• [What you need to do]: Could the entries below be reproduced exactly, with the images removed?

※ ※ ※

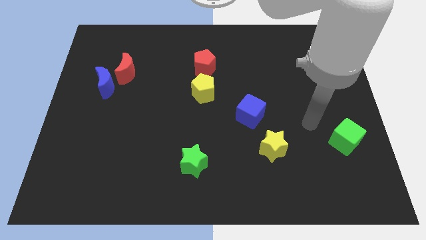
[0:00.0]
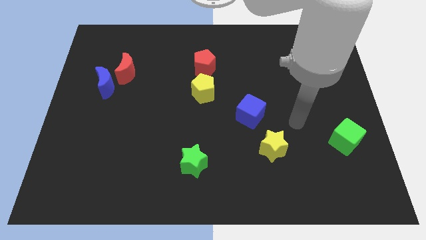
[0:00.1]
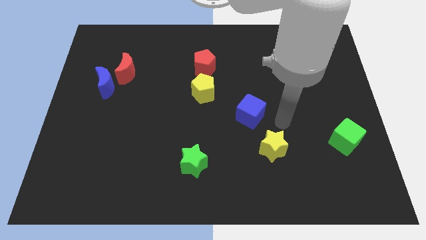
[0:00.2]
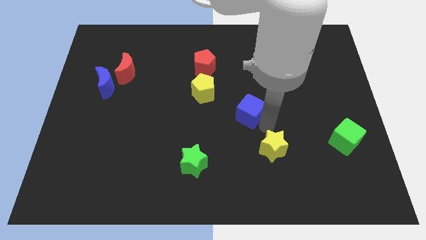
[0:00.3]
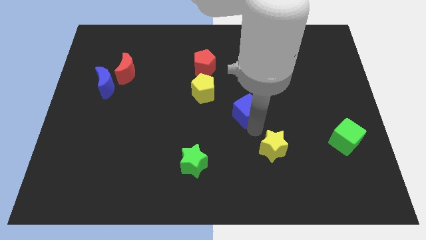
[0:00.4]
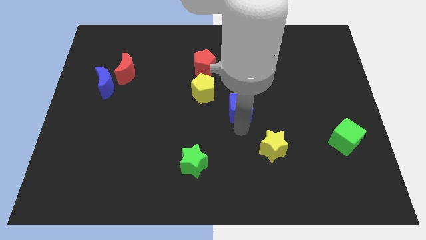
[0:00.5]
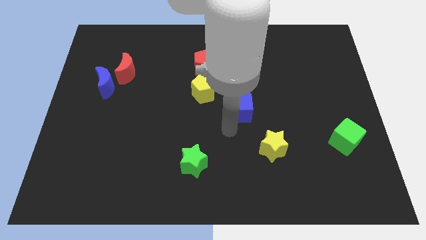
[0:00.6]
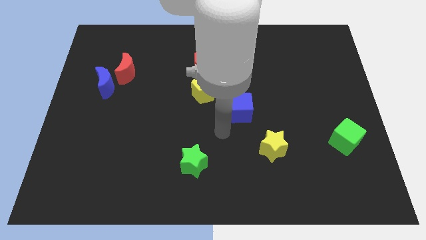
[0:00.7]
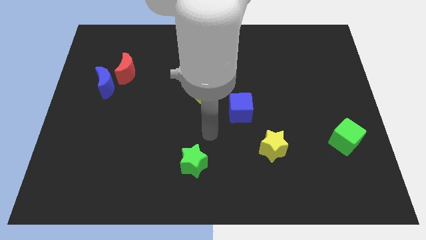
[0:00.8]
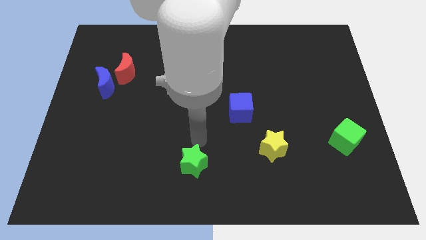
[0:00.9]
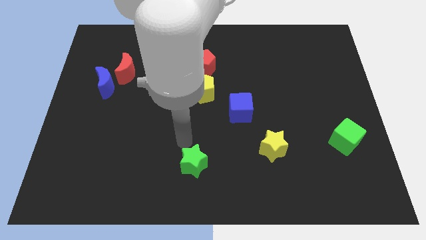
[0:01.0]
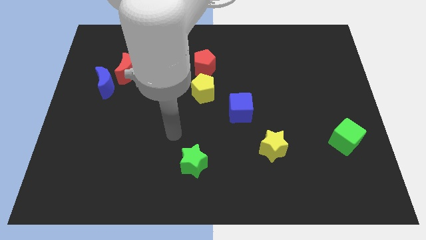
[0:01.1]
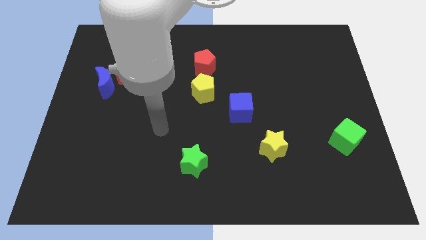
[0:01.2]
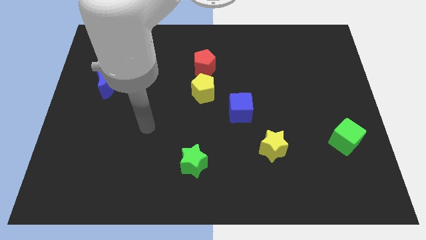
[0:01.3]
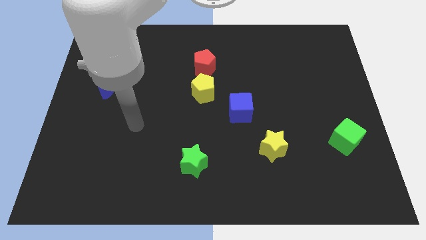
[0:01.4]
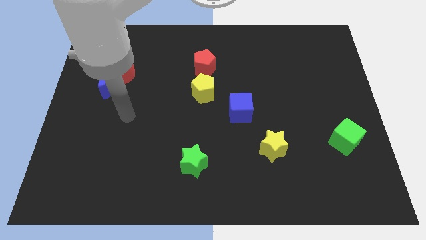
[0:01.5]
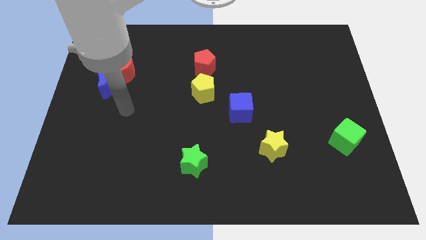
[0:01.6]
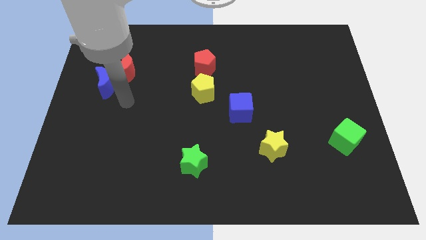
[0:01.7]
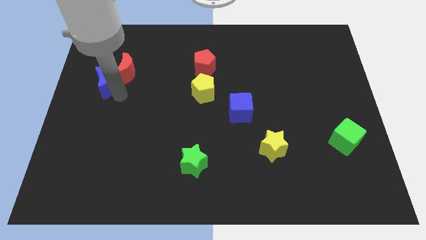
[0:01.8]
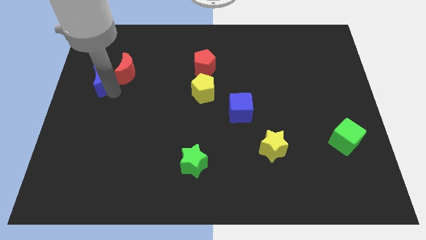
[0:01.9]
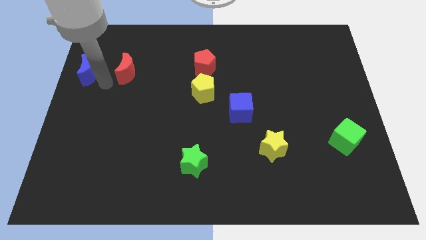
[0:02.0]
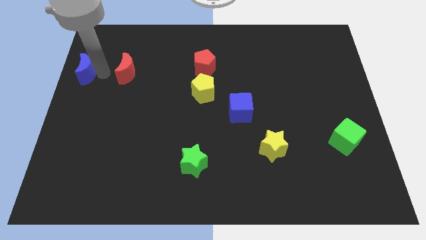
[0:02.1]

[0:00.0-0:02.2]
pull the red moon apart from the blue moon

※ ※ ※

• [Solution for this problem]:
[0:00.0]
[0:00.1]
[0:00.2]
[0:00.3]
[0:00.4]
[0:00.5]
[0:00.6]
[0:00.7]
[0:00.8]
[0:00.9]
[0:01.0]
[0:01.1]
[0:01.2]
[0:01.3]
[0:01.4]
[0:01.5]
[0:01.6]
[0:01.7]
[0:01.8]
[0:01.9]
[0:02.0]
[0:02.1]

[0:00.0-0:02.2]
pull the red moon apart from the blue moon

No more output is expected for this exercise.